Label all claims with one of:

- `documentation-based` — grounded in SAP audit and compliance documentation, GRC best practices, or regulatory framework requirements (SOC 2, ISO 27001, SOX, GxP)
- `user-provided evidence` — audit evidence artifacts, control descriptions, audit scope descriptions, or written landscape descriptions provided by the user
- `inference` — derived reasoning not directly confirmed by official docs or user evidence

## Live-environment rules

**This skill does not touch live systems.** There is no SAP system API call, GRC Access Control connection, BTP subaccount access, ABAP RFC call, audit log service query, or S/4HANA tenant access in this skill's execution path. Users must supply evidence artifacts, control descriptions, and audit scope information for this skill to advise on packaging, redaction, and framework alignment.

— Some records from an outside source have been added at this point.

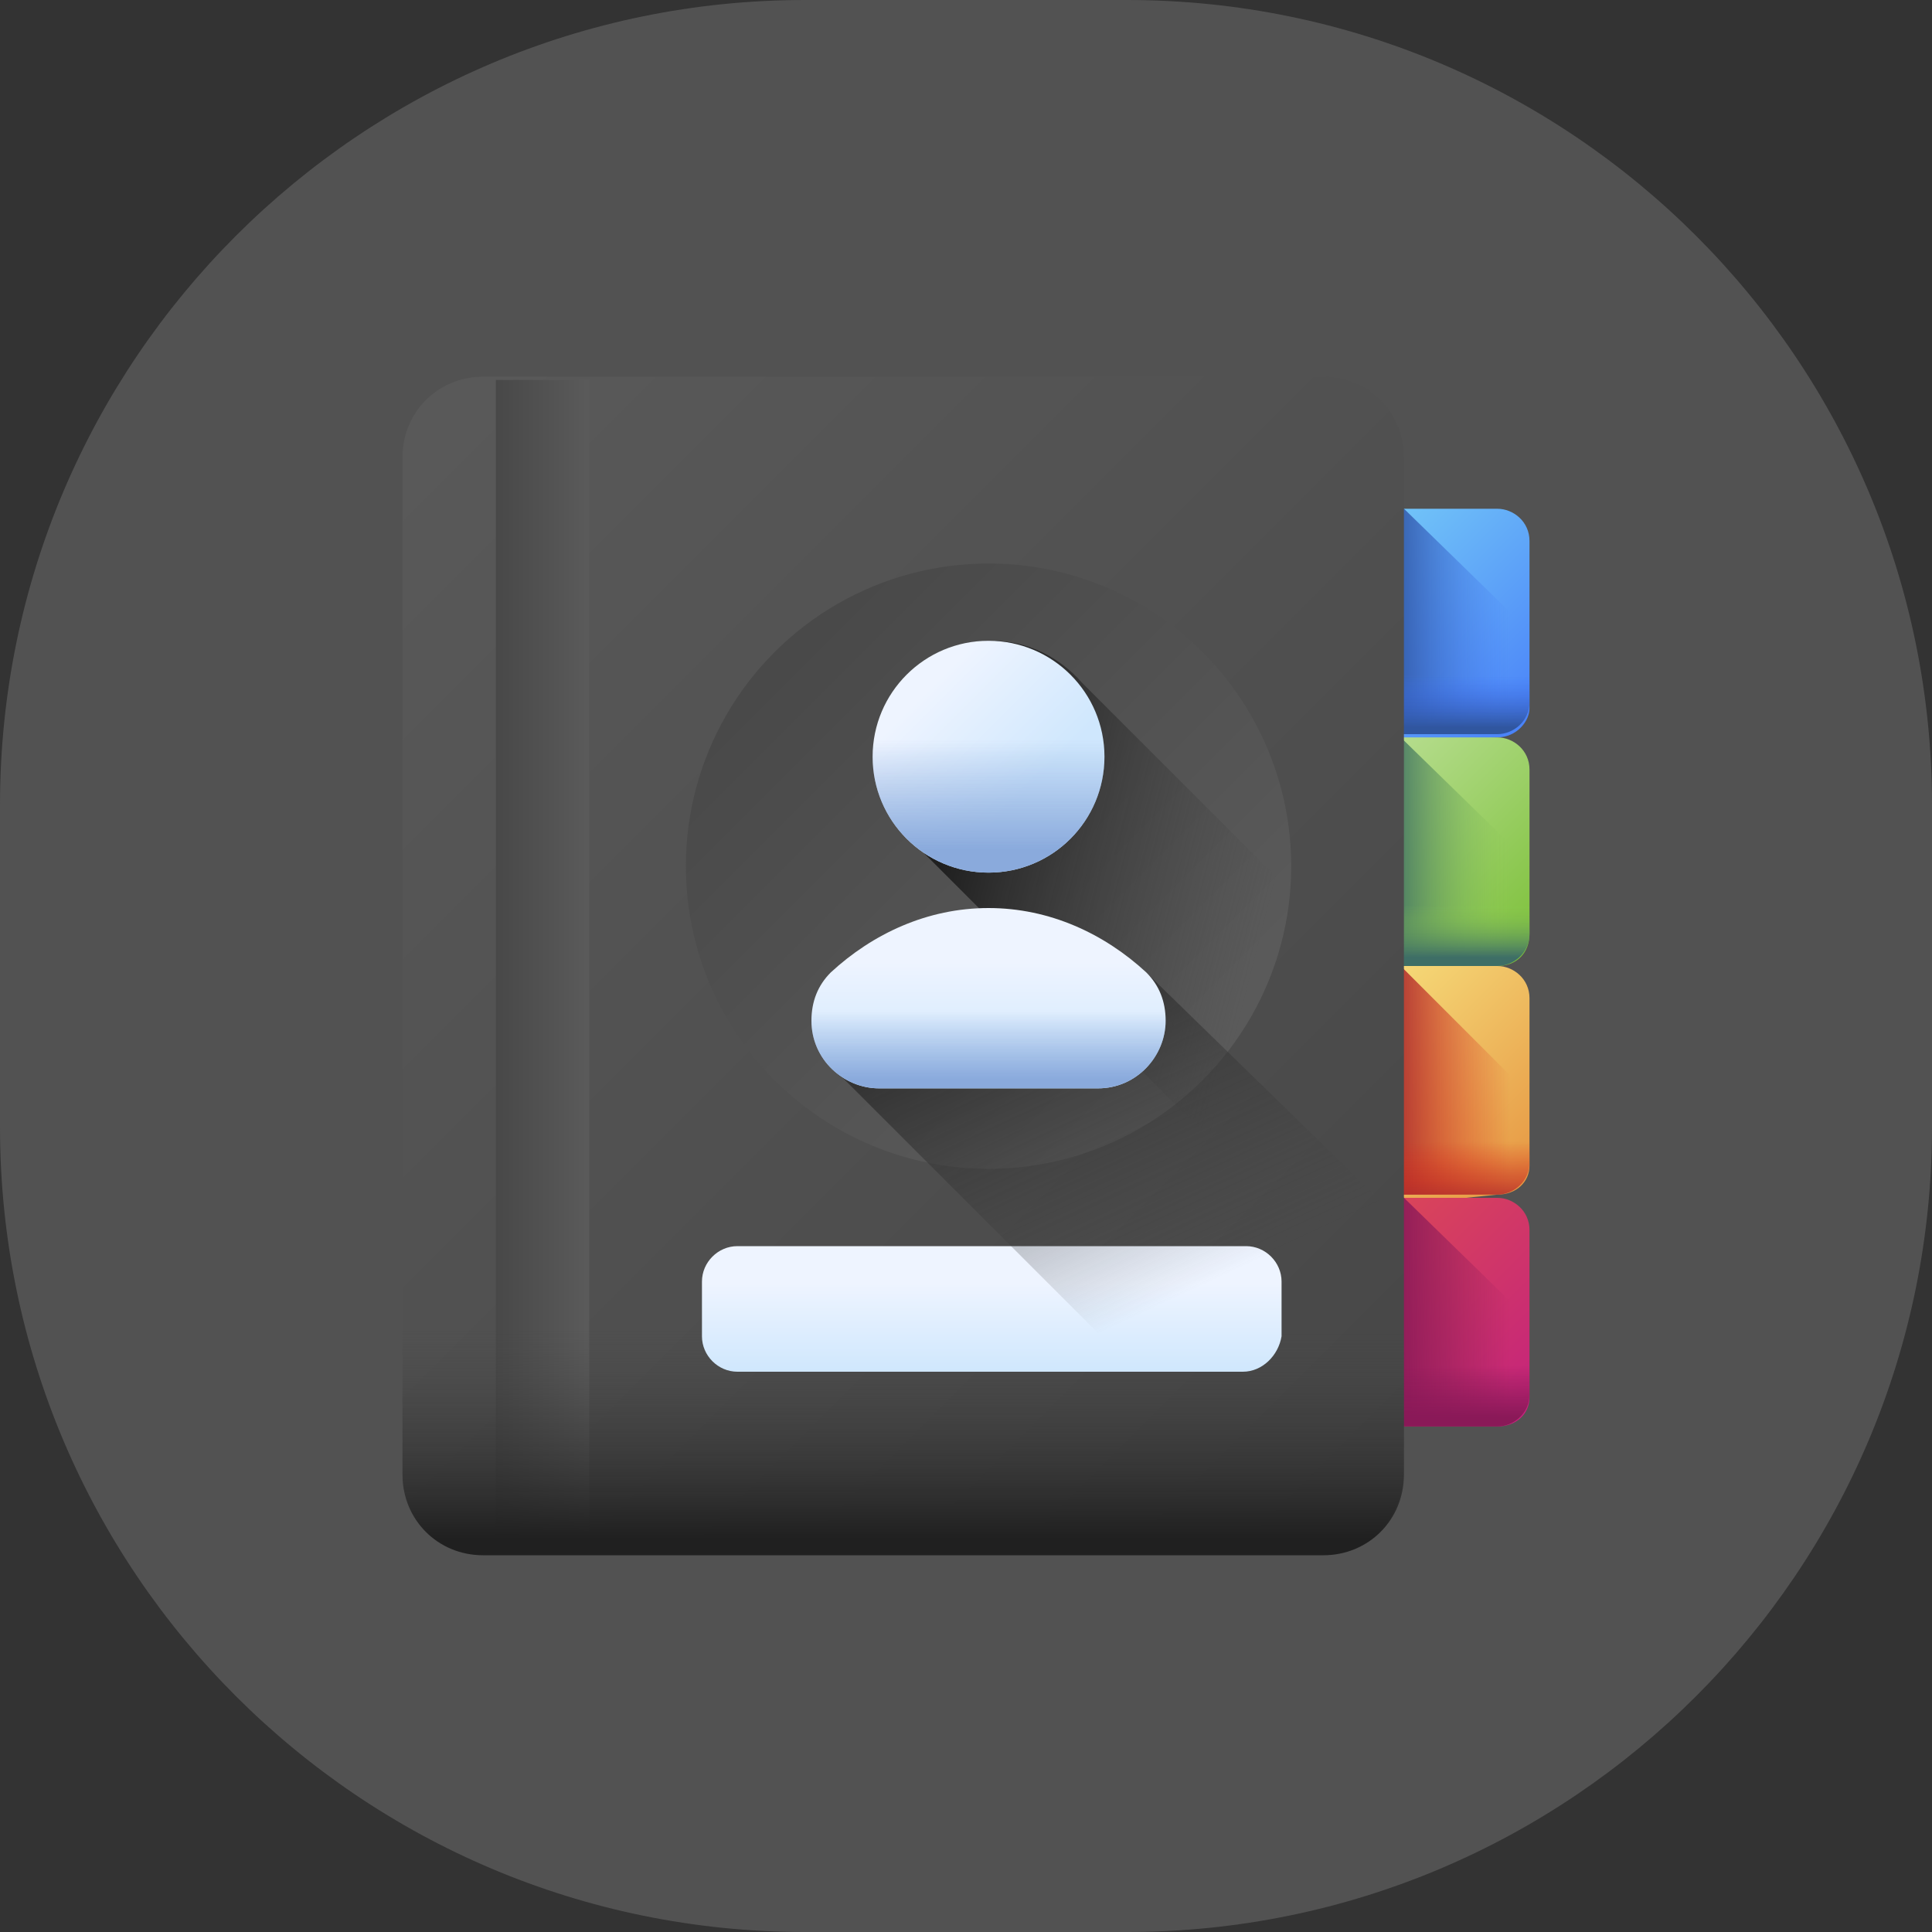 <?xml version="1.0" encoding="utf-8"?>
<!-- Generator: Adobe Illustrator 24.1.0, SVG Export Plug-In . SVG Version: 6.00 Build 0)  -->
<svg version="1.1" id="Layer_1" xmlns="http://www.w3.org/2000/svg" xmlns:xlink="http://www.w3.org/1999/xlink" x="0px" y="0px"
	 viewBox="0 0 60 60" style="enable-background:new 0 0 60 60;" xml:space="preserve">
<rect x="0" y="0" width="60" height="60" fill="#333333" stroke="none"/>
<style type="text/css">
	.st0{opacity:0.25;fill:#B2B2B2;enable-background:new    ;}
	.st1{fill:url(#SVGID_3_);}
	.st2{fill:url(#SVGID_4_);}
	.st3{fill:url(#SVGID_5_);}
	.st4{fill:url(#SVGID_6_);}
	.st5{fill:url(#SVGID_7_);}
	.st6{fill:url(#SVGID_8_);}
	.st7{fill:url(#SVGID_9_);}
	.st8{fill:url(#SVGID_10_);}
	.st9{fill:url(#SVGID_11_);}
	.st10{fill:url(#SVGID_12_);}
	.st11{fill:url(#SVGID_13_);}
	.st12{fill:url(#SVGID_14_);}
	.st13{fill:url(#SVGID_15_);}
	.st14{fill:url(#SVGID_16_);}
	.st15{fill:url(#SVGID_17_);}
	.st16{fill:url(#SVGID_18_);}
	.st17{fill:url(#SVGID_19_);}
	.st18{fill:url(#SVGID_20_);}
	.st19{fill:url(#SVGID_21_);}
	.st20{fill:url(#SVGID_22_);}
	.st21{fill:url(#SVGID_23_);}
	.st22{fill:url(#SVGID_24_);}
	.st23{fill:url(#SVGID_25_);}
</style>
<g id="ease" transform="translate(-140 -1062)">
	<path id="Rectangle_108" class="st0" d="M165,1062h10c13.8,0,25,11.2,25,25v10c0,13.8-11.2,25-25,25h-10c-13.8,0-25-11.2-25-25v-10
		C140,1073.2,151.2,1062,165,1062z"/>
	<g>
		<g>
			<g>
				<g>
					<g>
						<g>
							<defs>
								<path id="SVGID_1_" d="M165,1062h10c13.8,0,25,11.2,25,25v10c0,13.8-11.2,25-25,25h-10c-13.8,0-25-11.2-25-25v-10
									C140,1073.2,151.2,1062,165,1062z"/>
							</defs>
							<clipPath id="SVGID_2_">
								<use xlink:href="#SVGID_1_"  style="overflow:visible;"/>
							</clipPath>
						</g>
					</g>
				</g>
			</g>
		</g>
	</g>
</g>
<g>
	<g>
		
			<linearGradient id="SVGID_3_" gradientUnits="userSpaceOnUse" x1="38.485" y1="48.743" x2="44.488" y2="42.74" gradientTransform="matrix(1.004 0 0 -1.004 3.016 65.259)">
			<stop  offset="0" style="stop-color:#76CCF8"/>
			<stop  offset="0.833" style="stop-color:#518EF8"/>
			<stop  offset="1" style="stop-color:#4981F8"/>
		</linearGradient>
		<path class="st1" d="M46.5,22.9l-3.9,0.4v-7.5h3.9c0.5,0,1,0.4,1,1v5.2C47.5,22.4,47.1,22.9,46.5,22.9z"/>
		
			<linearGradient id="SVGID_4_" gradientUnits="userSpaceOnUse" x1="38.485" y1="41.628" x2="44.488" y2="35.625" gradientTransform="matrix(1.004 0 0 -1.004 3.016 65.259)">
			<stop  offset="0" style="stop-color:#BCE097"/>
			<stop  offset="1" style="stop-color:#7DC03A"/>
		</linearGradient>
		<path class="st2" d="M46.5,30l-3.9,0.4v-7.5h3.9c0.5,0,1,0.4,1,1V29C47.5,29.6,47.1,30,46.5,30z"/>
		
			<linearGradient id="SVGID_5_" gradientUnits="userSpaceOnUse" x1="38.485" y1="34.513" x2="44.488" y2="28.51" gradientTransform="matrix(1.004 0 0 -1.004 3.016 65.259)">
			<stop  offset="0" style="stop-color:#F7E07D"/>
			<stop  offset="1" style="stop-color:#E69642"/>
		</linearGradient>
		<path class="st3" d="M46.5,37.1l-3.9,0.4V30h3.9c0.5,0,1,0.4,1,1v5.2C47.5,36.7,47.1,37.1,46.5,37.1z"/>
		
			<linearGradient id="SVGID_6_" gradientUnits="userSpaceOnUse" x1="38.574" y1="27.487" x2="44.577" y2="21.484" gradientTransform="matrix(1.004 0 0 -1.004 3.016 65.259)">
			<stop  offset="0" style="stop-color:#DC4955"/>
			<stop  offset="1" style="stop-color:#C4237C"/>
		</linearGradient>
		<path class="st4" d="M46.5,44.3h-3.9v-7.1h3.9c0.5,0,1,0.4,1,1v5.2C47.5,43.9,47.1,44.3,46.5,44.3z"/>
		
			<linearGradient id="SVGID_7_" gradientUnits="userSpaceOnUse" x1="43.706" y1="45.794" x2="39.898" y2="45.794" gradientTransform="matrix(1.004 0 0 -1.004 3.016 65.259)">
			<stop  offset="0" style="stop-color:#4071F7;stop-opacity:0"/>
			<stop  offset="1" style="stop-color:#30569F"/>
		</linearGradient>
		<path class="st5" d="M43.5,15.7h-0.9v7.1h3.9c0.5,0,1-0.4,1-1v-2.2L43.5,15.7z"/>
		
			<linearGradient id="SVGID_8_" gradientUnits="userSpaceOnUse" x1="43.706" y1="38.679" x2="39.898" y2="38.679" gradientTransform="matrix(1.004 0 0 -1.004 3.016 65.259)">
			<stop  offset="0" style="stop-color:#8CC951;stop-opacity:0"/>
			<stop  offset="1" style="stop-color:#3E6E66"/>
		</linearGradient>
		<path class="st6" d="M43.5,22.9h-0.9V30h3.9c0.5,0,1-0.4,1-1v-2.2L43.5,22.9z"/>
		
			<linearGradient id="SVGID_9_" gradientUnits="userSpaceOnUse" x1="43.706" y1="24.449" x2="39.898" y2="24.449" gradientTransform="matrix(1.004 0 0 -1.004 3.016 65.259)">
			<stop  offset="0" style="stop-color:#8A1958;stop-opacity:0"/>
			<stop  offset="1" style="stop-color:#8A1958"/>
		</linearGradient>
		<path class="st7" d="M43.5,37.1h-0.9v7.1h3.9c0.5,0,1-0.4,1-1v-2.2L43.5,37.1z"/>
		
			<linearGradient id="SVGID_10_" gradientUnits="userSpaceOnUse" x1="41.891" y1="22.765" x2="41.891" y2="21.152" gradientTransform="matrix(1.004 0 0 -1.004 3.016 65.259)">
			<stop  offset="0" style="stop-color:#8A1958;stop-opacity:0"/>
			<stop  offset="1" style="stop-color:#8A1958"/>
		</linearGradient>
		<path class="st8" d="M42.6,41.1v3.2h3.9c0.5,0,1-0.4,1-1v-2.3H42.6z"/>
		
			<linearGradient id="SVGID_11_" gradientUnits="userSpaceOnUse" x1="43.706" y1="31.564" x2="39.898" y2="31.564" gradientTransform="matrix(1.004 0 0 -1.004 3.016 65.259)">
			<stop  offset="0" style="stop-color:#D52C1C;stop-opacity:0"/>
			<stop  offset="0.28" style="stop-color:#D12C1E;stop-opacity:0.28"/>
			<stop  offset="0.574" style="stop-color:#C42C23;stop-opacity:0.574"/>
			<stop  offset="0.872" style="stop-color:#AF2B2C;stop-opacity:0.872"/>
			<stop  offset="1" style="stop-color:#A42B31"/>
		</linearGradient>
		<path class="st9" d="M43.5,30h-0.9v7.1h3.9c0.5,0,1-0.4,1-1V34L43.5,30z"/>
		
			<linearGradient id="SVGID_12_" gradientUnits="userSpaceOnUse" x1="41.891" y1="29.69" x2="41.891" y2="27.648" gradientTransform="matrix(1.004 0 0 -1.004 3.016 65.259)">
			<stop  offset="0" style="stop-color:#D52C1C;stop-opacity:0"/>
			<stop  offset="0.28" style="stop-color:#D12C1E;stop-opacity:0.28"/>
			<stop  offset="0.574" style="stop-color:#C42C23;stop-opacity:0.574"/>
			<stop  offset="0.872" style="stop-color:#AF2B2C;stop-opacity:0.872"/>
			<stop  offset="1" style="stop-color:#A42B31"/>
		</linearGradient>
		<path class="st10" d="M42.6,33.9v3.2h3.9c0.5,0,1-0.4,1-1v-2.3H42.6z"/>
		
			<linearGradient id="SVGID_13_" gradientUnits="userSpaceOnUse" x1="41.891" y1="36.995" x2="41.891" y2="35.382" gradientTransform="matrix(1.004 0 0 -1.004 3.016 65.259)">
			<stop  offset="0" style="stop-color:#8CC951;stop-opacity:0"/>
			<stop  offset="1" style="stop-color:#3E6E66"/>
		</linearGradient>
		<path class="st11" d="M42.6,26.8V30h3.9c0.5,0,1-0.4,1-1v-2.3H42.6z"/>
		
			<linearGradient id="SVGID_14_" gradientUnits="userSpaceOnUse" x1="41.891" y1="44.11" x2="41.891" y2="42.497" gradientTransform="matrix(1.004 0 0 -1.004 3.016 65.259)">
			<stop  offset="0" style="stop-color:#4071F7;stop-opacity:0"/>
			<stop  offset="1" style="stop-color:#30569F"/>
		</linearGradient>
		<path class="st12" d="M42.6,19.6v3.2h3.9c0.5,0,1-0.4,1-1v-2.3H42.6z"/>
	</g>
	<g>
		
			<linearGradient id="SVGID_15_" gradientUnits="userSpaceOnUse" x1="7.754" y1="52.283" x2="41.658" y2="18.378" gradientTransform="matrix(1.004 0 0 -1.004 3.016 65.259)">
			<stop  offset="0" style="stop-color:#5A5A5A"/>
			<stop  offset="1" style="stop-color:#464646"/>
		</linearGradient>
		<path class="st13" d="M12.5,45.8V14.2c0-1.4,1.1-2.5,2.5-2.5h26.1c1.4,0,2.5,1.1,2.5,2.5v31.5c0,1.4-1.1,2.5-2.5,2.5H15
			C13.6,48.2,12.5,47.1,12.5,45.8L12.5,45.8z"/>
		
			<linearGradient id="SVGID_16_" gradientUnits="userSpaceOnUse" x1="15.142" y1="35.121" x2="12.011" y2="35.121" gradientTransform="matrix(1.004 0 0 -1.004 3.016 65.259)">
			<stop  offset="0" style="stop-color:#5A5A5A"/>
			<stop  offset="1" style="stop-color:#464646"/>
		</linearGradient>
		<path class="st14" d="M15.4,11.8h2.9v36.4h-2.9V11.8z"/>
		
			<linearGradient id="SVGID_17_" gradientUnits="userSpaceOnUse" x1="24.916" y1="23.951" x2="24.916" y2="17.399" gradientTransform="matrix(1.004 0 0 -1.004 3.016 65.259)">
			<stop  offset="0" style="stop-color:#464646;stop-opacity:0"/>
			<stop  offset="1" style="stop-color:#202020"/>
		</linearGradient>
		<path class="st15" d="M12.5,34.8v11c0,1.4,1.1,2.5,2.5,2.5h26.1c1.4,0,2.5-1.1,2.5-2.5v-11H12.5z"/>
	</g>
	<g>
		<g>
			
				<linearGradient id="SVGID_18_" gradientUnits="userSpaceOnUse" x1="33.283" y1="32.582" x2="19.193" y2="46.673" gradientTransform="matrix(1.004 0 0 -1.004 3.016 65.259)">
				<stop  offset="0" style="stop-color:#5A5A5A"/>
				<stop  offset="1" style="stop-color:#464646"/>
			</linearGradient>
			<circle class="st16" cx="30.7" cy="26.9" r="9.4"/>
			
				<linearGradient id="SVGID_19_" gradientUnits="userSpaceOnUse" x1="35.545" y1="34.098" x2="25.726" y2="36.612" gradientTransform="matrix(1.004 0 0 -1.004 3.016 65.259)">
				<stop  offset="0" style="stop-color:#464646;stop-opacity:0"/>
				<stop  offset="1" style="stop-color:#202020"/>
			</linearGradient>
			<path class="st17" d="M43.6,31.2l-10-10c-0.7-0.8-1.7-1.3-2.8-1.3c-2,0-3.6,1.6-3.6,3.6c0,1.1,0.5,2.1,1.3,2.8l15.1,15.1
				L43.6,31.2L43.6,31.2z"/>
			
				<linearGradient id="SVGID_20_" gradientUnits="userSpaceOnUse" x1="27.619" y1="25.302" x2="27.619" y2="22.524" gradientTransform="matrix(1.004 0 0 -1.004 3.016 65.259)">
				<stop  offset="0" style="stop-color:#EEF4FF"/>
				<stop  offset="1" style="stop-color:#CFE7FD"/>
			</linearGradient>
			<path class="st18" d="M38.6,42.6H22.9c-0.6,0-1.1-0.5-1.1-1.1v-1.7c0-0.6,0.5-1.1,1.1-1.1h15.8c0.6,0,1.1,0.5,1.1,1.1v1.7
				C39.7,42.1,39.2,42.6,38.6,42.6z"/>
			
				<linearGradient id="SVGID_21_" gradientUnits="userSpaceOnUse" x1="33.605" y1="24.963" x2="27.913" y2="37.201" gradientTransform="matrix(1.004 0 0 -1.004 3.016 65.259)">
				<stop  offset="0" style="stop-color:#464646;stop-opacity:0"/>
				<stop  offset="1" style="stop-color:#202020"/>
			</linearGradient>
			<path class="st19" d="M35.7,30.3c-1.3-1.2-3-2-4.9-2s-3.6,0.8-4.9,2c-0.4,0.4-0.6,0.9-0.6,1.5c0,0.7,0.3,1.3,0.9,1.7l14.7,14.7
				h0.2c1.4,0,2.5-1.1,2.5-2.5v-7.7L35.7,30.3z"/>
			
				<linearGradient id="SVGID_22_" gradientUnits="userSpaceOnUse" x1="25.611" y1="43.591" x2="28.718" y2="40.484" gradientTransform="matrix(1.004 0 0 -1.004 3.016 65.259)">
				<stop  offset="0" style="stop-color:#EEF4FF"/>
				<stop  offset="1" style="stop-color:#CFE7FD"/>
			</linearGradient>
			<circle class="st20" cx="30.7" cy="23.5" r="3.6"/>
			
				<linearGradient id="SVGID_23_" gradientUnits="userSpaceOnUse" x1="27.619" y1="42.112" x2="27.619" y2="38.697" gradientTransform="matrix(1.004 0 0 -1.004 3.016 65.259)">
				<stop  offset="0" style="stop-color:#8AAADC;stop-opacity:0"/>
				<stop  offset="1" style="stop-color:#8AAADC"/>
			</linearGradient>
			<circle class="st21" cx="30.7" cy="23.5" r="3.6"/>
			
				<linearGradient id="SVGID_24_" gradientUnits="userSpaceOnUse" x1="27.619" y1="35.234" x2="27.619" y2="31.828" gradientTransform="matrix(1.004 0 0 -1.004 3.016 65.259)">
				<stop  offset="0" style="stop-color:#EEF4FF"/>
				<stop  offset="1" style="stop-color:#CFE7FD"/>
			</linearGradient>
			<path class="st22" d="M27.3,33.8h6.8c1.2,0,2.1-1,2.1-2.1c0-0.6-0.2-1.1-0.6-1.5c-1.3-1.2-3-2-4.9-2s-3.6,0.8-4.9,2
				c-0.4,0.4-0.6,0.9-0.6,1.5C25.2,32.9,26.2,33.8,27.3,33.8L27.3,33.8z"/>
			
				<linearGradient id="SVGID_25_" gradientUnits="userSpaceOnUse" x1="27.619" y1="33.723" x2="27.619" y2="31.624" gradientTransform="matrix(1.004 0 0 -1.004 3.016 65.259)">
				<stop  offset="0" style="stop-color:#8AAADC;stop-opacity:0"/>
				<stop  offset="1" style="stop-color:#8AAADC"/>
			</linearGradient>
			<path class="st23" d="M25.2,31.7c0,1.2,1,2.1,2.1,2.1h6.8c1.2,0,2.1-1,2.1-2.1c0-0.5-0.2-1-0.5-1.3H25.7
				C25.4,30.7,25.2,31.2,25.2,31.7L25.2,31.7z"/>
		</g>
	</g>
</g>
</svg>

**This skill never includes in any output**:
- Passwords, API keys, OAuth tokens, or credentials of any kind
- SAML signing certificate private keys or X.509 private keys
- Personal identifiable information: employee names, employee IDs, national identification numbers, salary data, or health data
- Customer confidential data or customer personal data
- BTP service key values, client secrets, or connection strings with embedded credentials

If a user-provided evidence artifact contains any of the above, advise on redaction before including any excerpt in this skill's output.

## References

Load only when needed:

- [Workflow and output contract](references/workflow-and-output.md) — evidence taxonomy, control-to-evidence mapping structure, chain-of-custody format, output contract.
- [Safety checklist](references/safety-checklist.md) — non-negotiables, redaction requirements, common audit evidence mistakes, when to push back.
- [Official sources](references/official-sources.md) — SAP GRC documentation, SAP audit and compliance guides, SOC 2, ISO 27001, SOX ITGC, and GxP references.

## Response minimum

Return, at minimum:

- **Problem classification**: control domain(s) in scope (SoD / Access Management / Change Management / Financial Controls / System Configuration) and the specific controls or evidence gaps being addressed.
- **Evidence used**: documentation-based / user-provided evidence / inference.
- **Risk level**: critical (control with no evidence; unmitigated gap before audit deadline) / high (partial evidence; evidence not covering full audit period) / medium (evidence present but chain-of-custody incomplete; redaction not applied) / low (minor metadata gap; reproducibility risk only).
- **Recommended action**: specific evidence artifact to collect, redaction to apply, chain-of-custody metadata to add, or framework mapping to document.
- **Refusal / escalation triggers**: if live SAP system access, GRC report extraction, or audit log query is required to complete the evidence package, state that clearly and direct to `sap-live-readonly-landscape-discovery` or `sap-live-readonly-identity-trust-discovery` for the evidence gathering step.
- **Business impact**: audit finding risk, regulatory non-compliance, certification failure, or evidence admissibility challenge.
- **Next verification step**: confirm chain-of-custody completeness and redaction with the control owner before submitting evidence to an external auditor.